On April 27, 2023 (the “Effective Date”), the Company’s stockholders approved the FMC Corporation 2023 Incentive Stock Plan (the “2023 Plan”) and, in connection therewith, no further awards will be made under the 2017 Plan. Pursuant to the terms of the 2023 Plan, (i) the number of shares of Common Stock remaining available for grant under the 2017 Plan on the Effective Date, up to 1.7 million shares (the “Excess Shares”) and (ii) up to the number of shares of Common Stock that were subject to outstanding awards under the 2017 Plan as of the Effective Date that subsequently cease to be subject to such awards as a result of the termination, expiration, cancellation or forfeiture of such awards, (the “Rollover Shares”), may become available for issuance under the 2023 Plan in accordance with the terms thereof. On the Effective Date, (i) a total of 1,619,508 shares of Common Stock remained available for grant under the 2017 Plan and (ii) a total of 2,365,480 shares of Common Stock were subject to awards then outstanding under the 2017 Plan.

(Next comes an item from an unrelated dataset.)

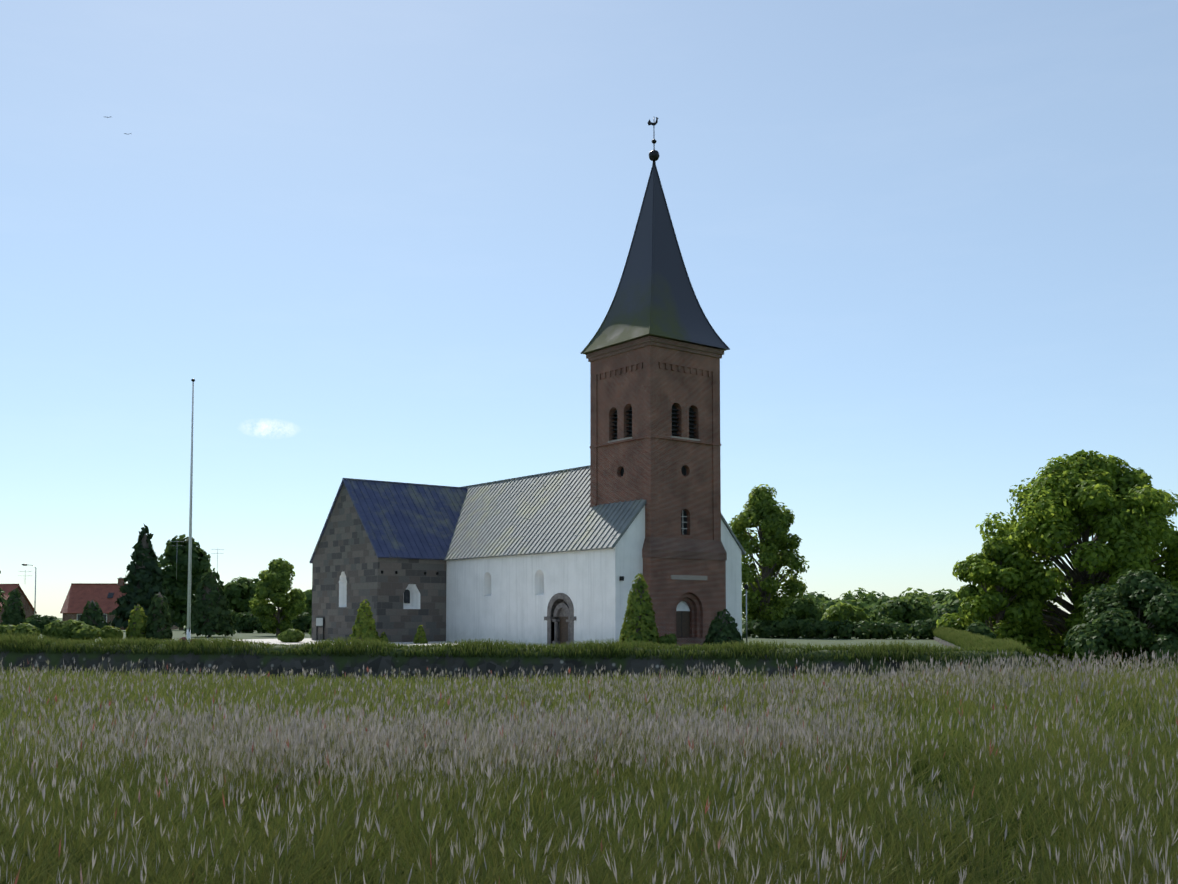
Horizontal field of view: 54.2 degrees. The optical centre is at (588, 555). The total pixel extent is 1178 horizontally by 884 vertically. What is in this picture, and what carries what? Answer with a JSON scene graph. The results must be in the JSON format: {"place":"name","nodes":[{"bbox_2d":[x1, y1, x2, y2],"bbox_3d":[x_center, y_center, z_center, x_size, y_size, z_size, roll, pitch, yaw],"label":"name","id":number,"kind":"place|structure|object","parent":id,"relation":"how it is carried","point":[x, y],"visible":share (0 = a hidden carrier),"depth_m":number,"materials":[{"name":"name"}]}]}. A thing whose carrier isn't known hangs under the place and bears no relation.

The Company is filing this Post-Effective Amendment No. 1 to Registration Statements on Form S-8 (this “Post-Effective Amendment”) pursuant to SEC Compliance and Disclosure Interpretation 126.43 to amend the Prior Registration Statements to register the offer of an aggregate of 3,984,988 shares of Common Stock under the 2023 Plan. For the avoidance of doubt, the Company is not hereby registering any additional shares of Common Stock that were not previously approved by the Company’s stockholders as of the Effective Date. Contemporaneously with the filing of this Post-Effective Amendment, the Company is filing a new registration statement on Form S-8 to register an additional 5,000,000 shares of Common Stock for issuance under the 2023 Plan, which was approved by the Company’s stockholders on the Effective Date.

PART II

INFORMATION REQUIRED IN THE REGISTRATION STATEMENT

Item 3. Incorporation of Documents by Reference.

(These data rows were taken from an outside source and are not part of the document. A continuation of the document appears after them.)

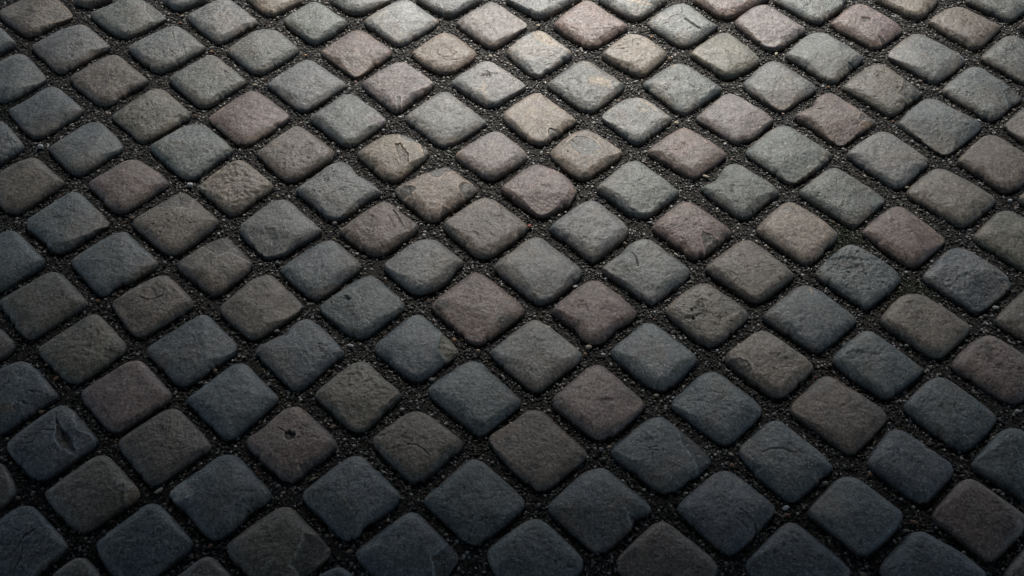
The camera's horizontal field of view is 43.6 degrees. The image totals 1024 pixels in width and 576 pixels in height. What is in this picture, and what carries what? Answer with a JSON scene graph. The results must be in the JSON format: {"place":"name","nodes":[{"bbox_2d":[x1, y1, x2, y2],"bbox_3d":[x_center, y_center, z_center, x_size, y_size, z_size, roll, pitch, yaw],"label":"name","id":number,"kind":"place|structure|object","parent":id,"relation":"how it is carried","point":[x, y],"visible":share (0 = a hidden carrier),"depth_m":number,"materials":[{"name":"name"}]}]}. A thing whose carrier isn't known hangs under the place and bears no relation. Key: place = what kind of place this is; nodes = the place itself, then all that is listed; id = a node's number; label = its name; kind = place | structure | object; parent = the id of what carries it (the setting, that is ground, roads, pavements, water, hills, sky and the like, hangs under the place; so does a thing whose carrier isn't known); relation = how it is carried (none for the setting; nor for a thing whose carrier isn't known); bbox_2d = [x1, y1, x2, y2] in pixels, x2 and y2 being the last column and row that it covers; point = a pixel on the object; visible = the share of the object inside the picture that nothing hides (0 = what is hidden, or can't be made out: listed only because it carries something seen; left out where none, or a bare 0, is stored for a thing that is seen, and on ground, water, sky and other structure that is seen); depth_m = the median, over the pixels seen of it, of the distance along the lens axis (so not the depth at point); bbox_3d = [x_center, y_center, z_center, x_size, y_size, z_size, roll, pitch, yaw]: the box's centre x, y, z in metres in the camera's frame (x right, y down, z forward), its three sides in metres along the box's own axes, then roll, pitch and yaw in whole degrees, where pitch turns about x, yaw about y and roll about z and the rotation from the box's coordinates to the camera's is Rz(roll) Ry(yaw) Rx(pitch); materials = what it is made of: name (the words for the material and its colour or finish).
{"place":"outdoors","nodes":[
{"label":"outdoors","id":0,"kind":"place"},
{"bbox_2d":[0,0,1023,575],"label":"ground","id":1,"kind":"structure","parent":0,"point":[734,448],"depth_m":2.04,"materials":[{"name":"black gravel"}]},
{"bbox_2d":[0,361,58,435],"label":"cobblestone","id":2,"kind":"object","parent":1,"relation":"on","point":[27,391],"visible":1,"depth_m":1.92,"materials":[{"name":"stone"}]},
{"bbox_2d":[0,158,65,215],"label":"cobblestone","id":3,"kind":"object","parent":1,"relation":"on","point":[28,184],"visible":1,"depth_m":2.19,"materials":[{"name":"stone"}]},
{"bbox_2d":[0,506,69,575],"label":"cobblestone","id":4,"kind":"object","parent":1,"relation":"on","point":[33,542],"visible":1,"depth_m":1.76,"materials":[{"name":"stone"}]},
{"bbox_2d":[0,272,88,340],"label":"cobblestone","id":5,"kind":"object","parent":1,"relation":"on","point":[39,307],"visible":1,"depth_m":2.02,"materials":[{"name":"stone"}]},
{"bbox_2d":[7,406,98,482],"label":"cobblestone","id":6,"kind":"object","parent":1,"relation":"on","point":[55,442],"visible":1,"depth_m":1.86,"materials":[{"name":"stone"}]},
{"bbox_2d":[26,192,109,254],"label":"cobblestone","id":7,"kind":"object","parent":1,"relation":"on","point":[68,222],"visible":1,"depth_m":2.13,"materials":[{"name":"stone"}]},
{"bbox_2d":[39,314,127,384],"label":"cobblestone","id":8,"kind":"object","parent":1,"relation":"on","point":[85,349],"visible":1,"depth_m":1.97,"materials":[{"name":"stone"}]},
{"bbox_2d":[49,122,123,177],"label":"cobblestone","id":9,"kind":"object","parent":1,"relation":"on","point":[84,150],"visible":1,"depth_m":2.25,"materials":[{"name":"stone"}]},
{"bbox_2d":[45,455,140,533],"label":"cobblestone","id":10,"kind":"object","parent":1,"relation":"on","point":[93,494],"visible":1,"depth_m":1.81,"materials":[{"name":"stone"}]},
{"bbox_2d":[70,55,148,107],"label":"cobblestone","id":11,"kind":"object","parent":1,"relation":"on","point":[109,81],"visible":0.98,"depth_m":2.36,"materials":[{"name":"stone"}]},
{"bbox_2d":[70,232,159,297],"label":"cobblestone","id":12,"kind":"object","parent":1,"relation":"on","point":[107,266],"visible":1,"depth_m":2.08,"materials":[{"name":"stone"}]},
{"bbox_2d":[81,361,172,433],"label":"cobblestone","id":13,"kind":"object","parent":1,"relation":"on","point":[125,397],"visible":0.99,"depth_m":1.92,"materials":[{"name":"stone"}]},
{"bbox_2d":[89,160,169,215],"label":"cobblestone","id":14,"kind":"object","parent":1,"relation":"on","point":[124,188],"visible":1,"depth_m":2.19,"materials":[{"name":"stone"}]},
{"bbox_2d":[95,503,193,575],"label":"cobblestone","id":15,"kind":"object","parent":1,"relation":"on","point":[153,539],"visible":1,"depth_m":1.76,"materials":[{"name":"stone"}]},
{"bbox_2d":[112,89,191,144],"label":"cobblestone","id":16,"kind":"object","parent":1,"relation":"on","point":[152,115],"visible":0.99,"depth_m":2.30,"materials":[{"name":"stone"}]},
{"bbox_2d":[112,276,194,338],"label":"cobblestone","id":17,"kind":"object","parent":1,"relation":"on","point":[152,306],"visible":1,"depth_m":2.02,"materials":[{"name":"stone"}]},
{"bbox_2d":[118,409,211,487],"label":"cobblestone","id":18,"kind":"object","parent":1,"relation":"on","point":[160,448],"visible":1,"depth_m":1.86,"materials":[{"name":"stone"}]},
{"bbox_2d":[133,193,219,257],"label":"cobblestone","id":19,"kind":"object","parent":1,"relation":"on","point":[178,225],"visible":1,"depth_m":2.13,"materials":[{"name":"stone"}]},
{"bbox_2d":[150,124,232,181],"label":"cobblestone","id":20,"kind":"object","parent":1,"relation":"on","point":[190,153],"visible":0.99,"depth_m":2.24,"materials":[{"name":"stone"}]},
{"bbox_2d":[147,315,237,387],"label":"cobblestone","id":21,"kind":"object","parent":1,"relation":"on","point":[193,352],"visible":1,"depth_m":1.97,"materials":[{"name":"stone"}]},
{"bbox_2d":[169,55,246,109],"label":"cobblestone","id":22,"kind":"object","parent":1,"relation":"on","point":[208,82],"visible":1,"depth_m":2.35,"materials":[{"name":"stone"}]},
{"bbox_2d":[177,238,252,297],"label":"cobblestone","id":23,"kind":"object","parent":1,"relation":"on","point":[221,267],"visible":1,"depth_m":2.07,"materials":[{"name":"stone"}]},
{"bbox_2d":[170,454,271,541],"bbox_3d":[-0.412,0.297,1.823,0.112,0.032,0.116,-38,60,-26],"label":"cobblestone","id":24,"kind":"object","parent":1,"relation":"on","point":[220,498],"visible":1,"depth_m":1.81,"materials":[{"name":"stone"}]},
{"bbox_2d":[186,363,278,441],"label":"cobblestone","id":25,"kind":"object","parent":1,"relation":"on","point":[234,402],"visible":1,"depth_m":1.91,"materials":[{"name":"stone"}]},
{"bbox_2d":[199,160,273,216],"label":"cobblestone","id":26,"kind":"object","parent":1,"relation":"on","point":[236,188],"visible":0.99,"depth_m":2.19,"materials":[{"name":"stone"}]},
{"bbox_2d":[209,91,290,146],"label":"cobblestone","id":27,"kind":"object","parent":1,"relation":"on","point":[249,118],"visible":1,"depth_m":2.29,"materials":[{"name":"stone"}]},
{"bbox_2d":[220,275,302,340],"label":"cobblestone","id":28,"kind":"object","parent":1,"relation":"on","point":[260,308],"visible":1,"depth_m":2.02,"materials":[{"name":"stone"}]},
{"bbox_2d":[226,507,330,575],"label":"cobblestone","id":29,"kind":"object","parent":1,"relation":"on","point":[284,541],"visible":1,"depth_m":1.76,"materials":[{"name":"stone"}]},
{"bbox_2d":[239,200,321,259],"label":"cobblestone","id":30,"kind":"object","parent":1,"relation":"on","point":[275,229],"visible":1,"depth_m":2.12,"materials":[{"name":"stone"}]},
{"bbox_2d":[246,406,337,483],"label":"cobblestone","id":31,"kind":"object","parent":1,"relation":"on","point":[293,445],"visible":1,"depth_m":1.86,"materials":[{"name":"stone"}]},
{"bbox_2d":[257,126,334,182],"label":"cobblestone","id":32,"kind":"object","parent":1,"relation":"on","point":[296,154],"visible":0.99,"depth_m":2.23,"materials":[{"name":"stone"}]},
{"bbox_2d":[255,319,344,391],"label":"cobblestone","id":33,"kind":"object","parent":1,"relation":"on","point":[301,355],"visible":1,"depth_m":1.97,"materials":[{"name":"stone"}]},
{"bbox_2d":[267,60,346,113],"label":"cobblestone","id":34,"kind":"object","parent":1,"relation":"on","point":[306,86],"visible":0.99,"depth_m":2.35,"materials":[{"name":"stone"}]},
{"bbox_2d":[281,240,361,300],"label":"cobblestone","id":35,"kind":"object","parent":1,"relation":"on","point":[321,271],"visible":0.98,"depth_m":2.07,"materials":[{"name":"stone"}]},
{"bbox_2d":[296,162,380,222],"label":"cobblestone","id":36,"kind":"object","parent":1,"relation":"on","point":[338,192],"visible":1,"depth_m":2.18,"materials":[{"name":"stone"}]},
{"bbox_2d":[310,94,386,148],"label":"cobblestone","id":37,"kind":"object","parent":1,"relation":"on","point":[347,121],"visible":1,"depth_m":2.29,"materials":[{"name":"stone"}]},
{"bbox_2d":[303,456,400,542],"bbox_3d":[-0.227,0.299,1.821,0.108,0.033,0.111,-37,60,-26],"label":"cobblestone","id":38,"kind":"object","parent":1,"relation":"on","point":[348,500],"visible":1,"depth_m":1.81,"materials":[{"name":"stone"}]},
{"bbox_2d":[315,361,401,433],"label":"cobblestone","id":39,"kind":"object","parent":1,"relation":"on","point":[360,397],"visible":1,"depth_m":1.92,"materials":[{"name":"stone"}]},
{"bbox_2d":[319,276,404,340],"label":"cobblestone","id":40,"kind":"object","parent":1,"relation":"on","point":[363,308],"visible":1,"depth_m":2.02,"materials":[{"name":"stone"}]},
{"bbox_2d":[339,202,418,257],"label":"cobblestone","id":41,"kind":"object","parent":1,"relation":"on","point":[381,229],"visible":0.99,"depth_m":2.12,"materials":[{"name":"stone"}]},
{"bbox_2d":[356,512,457,575],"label":"cobblestone","id":42,"kind":"object","parent":1,"relation":"on","point":[411,544],"visible":1,"depth_m":1.75,"materials":[{"name":"stone"}]},
{"bbox_2d":[374,315,458,382],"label":"cobblestone","id":43,"kind":"object","parent":1,"relation":"on","point":[417,348],"visible":0.99,"depth_m":1.97,"materials":[{"name":"stone"}]},
{"bbox_2d":[372,411,463,484],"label":"cobblestone","id":44,"kind":"object","parent":1,"relation":"on","point":[415,448],"visible":1,"depth_m":1.86,"materials":[{"name":"stone"}]},
{"bbox_2d":[384,239,463,295],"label":"cobblestone","id":45,"kind":"object","parent":1,"relation":"on","point":[424,267],"visible":0.99,"depth_m":2.07,"materials":[{"name":"stone"}]},
{"bbox_2d":[395,167,477,223],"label":"cobblestone","id":46,"kind":"object","parent":1,"relation":"on","point":[436,195],"visible":1,"depth_m":2.18,"materials":[{"name":"stone"}]},
{"bbox_2d":[405,92,486,148],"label":"cobblestone","id":47,"kind":"object","parent":1,"relation":"on","point":[444,120],"visible":1,"depth_m":2.29,"materials":[{"name":"stone"}]},
{"bbox_2d":[423,459,524,545],"bbox_3d":[-0.052,0.305,1.816,0.109,0.033,0.115,-38,60,-26],"label":"cobblestone","id":48,"kind":"object","parent":1,"relation":"on","point":[474,502],"visible":1,"depth_m":1.80,"materials":[{"name":"stone"}]},
{"bbox_2d":[428,361,520,437],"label":"cobblestone","id":49,"kind":"object","parent":1,"relation":"on","point":[477,399],"visible":1,"depth_m":1.91,"materials":[{"name":"stone"}]},
{"bbox_2d":[431,273,524,346],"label":"cobblestone","id":50,"kind":"object","parent":1,"relation":"on","point":[476,309],"visible":1,"depth_m":2.02,"materials":[{"name":"stone"}]},
{"bbox_2d":[443,198,527,260],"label":"cobblestone","id":51,"kind":"object","parent":1,"relation":"on","point":[486,229],"visible":1,"depth_m":2.13,"materials":[{"name":"stone"}]},
{"bbox_2d":[487,519,582,575],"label":"cobblestone","id":52,"kind":"object","parent":1,"relation":"on","point":[535,547],"visible":1,"depth_m":1.75,"materials":[{"name":"stone"}]},
{"bbox_2d":[490,320,581,393],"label":"cobblestone","id":53,"kind":"object","parent":1,"relation":"on","point":[535,356],"visible":1,"depth_m":1.96,"materials":[{"name":"stone"}]},
{"bbox_2d":[493,237,581,305],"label":"cobblestone","id":54,"kind":"object","parent":1,"relation":"on","point":[538,271],"visible":1,"depth_m":2.07,"materials":[{"name":"stone"}]},
{"bbox_2d":[489,410,586,491],"bbox_3d":[0.036,0.237,1.872,0.104,0.032,0.125,-35,59,-25],"label":"cobblestone","id":55,"kind":"object","parent":1,"relation":"on","point":[537,450],"visible":1,"depth_m":1.86,"materials":[{"name":"stone"}]},
{"bbox_2d":[501,165,576,219],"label":"cobblestone","id":56,"kind":"object","parent":1,"relation":"on","point":[541,192],"visible":1,"depth_m":2.18,"materials":[{"name":"stone"}]},
{"bbox_2d":[547,61,624,113],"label":"cobblestone","id":57,"kind":"object","parent":1,"relation":"on","point":[586,87],"visible":1,"depth_m":2.35,"materials":[{"name":"stone"}]},
{"bbox_2d":[549,200,628,263],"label":"cobblestone","id":58,"kind":"object","parent":1,"relation":"on","point":[591,231],"visible":1,"depth_m":2.12,"materials":[{"name":"stone"}]},
{"bbox_2d":[551,281,636,345],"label":"cobblestone","id":59,"kind":"object","parent":1,"relation":"on","point":[595,313],"visible":1,"depth_m":2.02,"materials":[{"name":"stone"}]},
{"bbox_2d":[552,365,644,441],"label":"cobblestone","id":60,"kind":"object","parent":1,"relation":"on","point":[598,403],"visible":1,"depth_m":1.91,"materials":[{"name":"stone"}]},
{"bbox_2d":[548,468,650,554],"bbox_3d":[0.122,0.314,1.810,0.113,0.031,0.112,-38,60,-26],"label":"cobblestone","id":61,"kind":"object","parent":1,"relation":"on","point":[598,510],"visible":1,"depth_m":1.80,"materials":[{"name":"stone"}]},
{"bbox_2d":[596,161,678,219],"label":"cobblestone","id":62,"kind":"object","parent":1,"relation":"on","point":[637,190],"visible":0.99,"depth_m":2.18,"materials":[{"name":"stone"}]},
{"bbox_2d":[602,239,689,305],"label":"cobblestone","id":63,"kind":"object","parent":1,"relation":"on","point":[649,272],"visible":1,"depth_m":2.07,"materials":[{"name":"stone"}]},
{"bbox_2d":[610,323,697,392],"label":"cobblestone","id":64,"kind":"object","parent":1,"relation":"on","point":[651,356],"visible":1,"depth_m":1.96,"materials":[{"name":"stone"}]},
{"bbox_2d":[611,417,710,494],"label":"cobblestone","id":65,"kind":"object","parent":1,"relation":"on","point":[661,455],"visible":1,"depth_m":1.85,"materials":[{"name":"stone"}]},
{"bbox_2d":[616,522,717,575],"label":"cobblestone","id":66,"kind":"object","parent":1,"relation":"on","point":[661,549],"visible":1,"depth_m":1.75,"materials":[{"name":"stone"}]},
{"bbox_2d":[643,64,721,115],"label":"cobblestone","id":67,"kind":"object","parent":1,"relation":"on","point":[681,89],"visible":1,"depth_m":2.34,"materials":[{"name":"stone"}]},
{"bbox_2d":[647,128,726,180],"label":"cobblestone","id":68,"kind":"object","parent":1,"relation":"on","point":[689,154],"visible":0.99,"depth_m":2.24,"materials":[{"name":"stone"}]},
{"bbox_2d":[652,202,730,260],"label":"cobblestone","id":69,"kind":"object","parent":1,"relation":"on","point":[691,231],"visible":1,"depth_m":2.12,"materials":[{"name":"stone"}]},
{"bbox_2d":[665,283,748,347],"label":"cobblestone","id":70,"kind":"object","parent":1,"relation":"on","point":[705,315],"visible":1,"depth_m":2.01,"materials":[{"name":"stone"}]},
{"bbox_2d":[671,372,761,445],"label":"cobblestone","id":71,"kind":"object","parent":1,"relation":"on","point":[719,409],"visible":1,"depth_m":1.90,"materials":[{"name":"stone"}]},
{"bbox_2d":[677,471,774,555],"bbox_3d":[0.303,0.317,1.808,0.111,0.031,0.109,-36,59,-25],"label":"cobblestone","id":72,"kind":"object","parent":1,"relation":"on","point":[727,513],"visible":1,"depth_m":1.79,"materials":[{"name":"stone"}]},
{"bbox_2d":[701,164,778,220],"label":"cobblestone","id":73,"kind":"object","parent":1,"relation":"on","point":[739,192],"visible":1,"depth_m":2.18,"materials":[{"name":"stone"}]},
{"bbox_2d":[705,240,793,304],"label":"cobblestone","id":74,"kind":"object","parent":1,"relation":"on","point":[749,272],"visible":1,"depth_m":2.07,"materials":[{"name":"stone"}]},
{"bbox_2d":[724,331,812,399],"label":"cobblestone","id":75,"kind":"object","parent":1,"relation":"on","point":[770,365],"visible":1,"depth_m":1.95,"materials":[{"name":"stone"}]},
{"bbox_2d":[738,420,832,503],"bbox_3d":[0.394,0.252,1.859,0.101,0.034,0.118,-36,60,-26],"label":"cobblestone","id":76,"kind":"object","parent":1,"relation":"on","point":[785,463],"visible":1,"depth_m":1.84,"materials":[{"name":"stone"}]},
{"bbox_2d":[745,125,831,185],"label":"cobblestone","id":77,"kind":"object","parent":1,"relation":"on","point":[788,155],"visible":0.99,"depth_m":2.24,"materials":[{"name":"stone"}]},
{"bbox_2d":[756,202,837,266],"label":"cobblestone","id":78,"kind":"object","parent":1,"relation":"on","point":[798,234],"visible":1,"depth_m":2.12,"materials":[{"name":"stone"}]},
{"bbox_2d":[745,522,850,575],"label":"cobblestone","id":79,"kind":"object","parent":1,"relation":"on","point":[790,549],"visible":1,"depth_m":1.75,"materials":[{"name":"stone"}]},
{"bbox_2d":[762,285,855,353],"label":"cobblestone","id":80,"kind":"object","parent":1,"relation":"on","point":[811,319],"visible":1,"depth_m":2.01,"materials":[{"name":"stone"}]},
{"bbox_2d":[784,32,862,85],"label":"cobblestone","id":81,"kind":"object","parent":1,"relation":"on","point":[827,59],"visible":1,"depth_m":2.40,"materials":[{"name":"stone"}]},
{"bbox_2d":[793,93,875,147],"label":"cobblestone","id":82,"kind":"object","parent":1,"relation":"on","point":[835,120],"visible":1,"depth_m":2.29,"materials":[{"name":"stone"}]},
{"bbox_2d":[789,376,886,455],"bbox_3d":[0.487,0.189,1.911,0.122,0.031,0.104,37,60,26],"label":"cobblestone","id":83,"kind":"object","parent":1,"relation":"on","point":[838,415],"visible":1,"depth_m":1.90,"materials":[{"name":"stone"}]},
{"bbox_2d":[799,168,884,228],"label":"cobblestone","id":84,"kind":"object","parent":1,"relation":"on","point":[842,198],"visible":1,"depth_m":2.17,"materials":[{"name":"stone"}]},
{"bbox_2d":[807,477,902,556],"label":"cobblestone","id":85,"kind":"object","parent":1,"relation":"on","point":[856,517],"visible":1,"depth_m":1.79,"materials":[{"name":"stone"}]},
{"bbox_2d":[815,245,900,310],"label":"cobblestone","id":86,"kind":"object","parent":1,"relation":"on","point":[860,278],"visible":1,"depth_m":2.06,"materials":[{"name":"stone"}]},
{"bbox_2d":[831,331,922,399],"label":"cobblestone","id":87,"kind":"object","parent":1,"relation":"on","point":[874,365],"visible":1,"depth_m":1.95,"materials":[{"name":"stone"}]},
{"bbox_2d":[842,64,921,117],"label":"cobblestone","id":88,"kind":"object","parent":1,"relation":"on","point":[884,90],"visible":1,"depth_m":2.34,"materials":[{"name":"stone"}]},
{"bbox_2d":[846,132,928,189],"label":"cobblestone","id":89,"kind":"object","parent":1,"relation":"on","point":[889,160],"visible":1,"depth_m":2.23,"materials":[{"name":"stone"}]},
{"bbox_2d":[861,206,944,268],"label":"cobblestone","id":90,"kind":"object","parent":1,"relation":"on","point":[905,237],"visible":0.99,"depth_m":2.12,"materials":[{"name":"stone"}]},
{"bbox_2d":[866,429,953,504],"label":"cobblestone","id":91,"kind":"object","parent":1,"relation":"on","point":[907,466],"visible":1,"depth_m":1.84,"materials":[{"name":"stone"}]},
{"bbox_2d":[879,294,969,359],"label":"cobblestone","id":92,"kind":"object","parent":1,"relation":"on","point":[924,326],"visible":1,"depth_m":2.00,"materials":[{"name":"stone"}]},
{"bbox_2d":[879,531,986,575],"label":"cobblestone","id":93,"kind":"object","parent":1,"relation":"on","point":[921,553],"visible":1,"depth_m":1.74,"materials":[{"name":"stone"}]},
{"bbox_2d":[896,99,981,156],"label":"cobblestone","id":94,"kind":"object","parent":1,"relation":"on","point":[940,128],"visible":1,"depth_m":2.28,"materials":[{"name":"stone"}]},
{"bbox_2d":[903,377,996,453],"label":"cobblestone","id":95,"kind":"object","parent":1,"relation":"on","point":[951,415],"visible":1,"depth_m":1.90,"materials":[{"name":"stone"}]},
{"bbox_2d":[906,169,994,228],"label":"cobblestone","id":96,"kind":"object","parent":1,"relation":"on","point":[955,200],"visible":1,"depth_m":2.17,"materials":[{"name":"stone"}]},
{"bbox_2d":[922,248,1011,313],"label":"cobblestone","id":97,"kind":"object","parent":1,"relation":"on","point":[970,282],"visible":0.99,"depth_m":2.06,"materials":[{"name":"stone"}]},
{"bbox_2d":[931,479,1023,562],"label":"cobblestone","id":98,"kind":"object","parent":1,"relation":"on","point":[979,520],"visible":1,"depth_m":1.78,"materials":[{"name":"stone"}]},
{"bbox_2d":[941,67,1020,122],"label":"cobblestone","id":99,"kind":"object","parent":1,"relation":"on","point":[980,93],"visible":0.99,"depth_m":2.33,"materials":[{"name":"stone"}]},
{"bbox_2d":[950,335,1023,403],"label":"cobblestone","id":100,"kind":"object","parent":1,"relation":"on","point":[992,366],"visible":1,"depth_m":1.95,"materials":[{"name":"stone"}]},
{"bbox_2d":[957,135,1023,193],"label":"cobblestone","id":101,"kind":"object","parent":1,"relation":"on","point":[994,163],"visible":1,"depth_m":2.22,"materials":[{"name":"stone"}]},
{"bbox_2d":[970,428,1023,501],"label":"cobblestone","id":102,"kind":"object","parent":1,"relation":"on","point":[998,461],"visible":1,"depth_m":1.84,"materials":[{"name":"stone"}]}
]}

The following documents, which have been filed by the Company with the Commission pursuant to the Securities Exchange Act of 1934, as amended (the “Exchange Act”), are incorporated in this registration statement by reference:

(a) The Company’s Annual Report on Form 10-K for the year ended December 31, 2022;

(b) The Company’s Current Report on Form 8-K (other than portions thereof furnished under Item 2.02 or Item 7.01 of Form 8-K and exhibits accompanying such reports that are related to such items) filed with the Commission on February 24, 2023, and

(c) The description of the Company’s Common Stock contained in the Company’s Registration Statement on Form 8-A filed on May 12, 1986 pursuant to Section 12 of the Exchange Act and all amendments thereto and reports filed for the purpose of updating such description.

All reports and other documents subsequently filed by the Company pursuant to Sections 13(a), 13(c), 14 and 15(d) of the Exchange Act after the date of this registration statement, but prior to the filing of a post-effective amendment which indicates that all securities offered hereby have been sold or which deregisters all securities then remaining unsold, shall be deemed to be incorporated by reference herein and to be a part hereof from the date of filing of such documents.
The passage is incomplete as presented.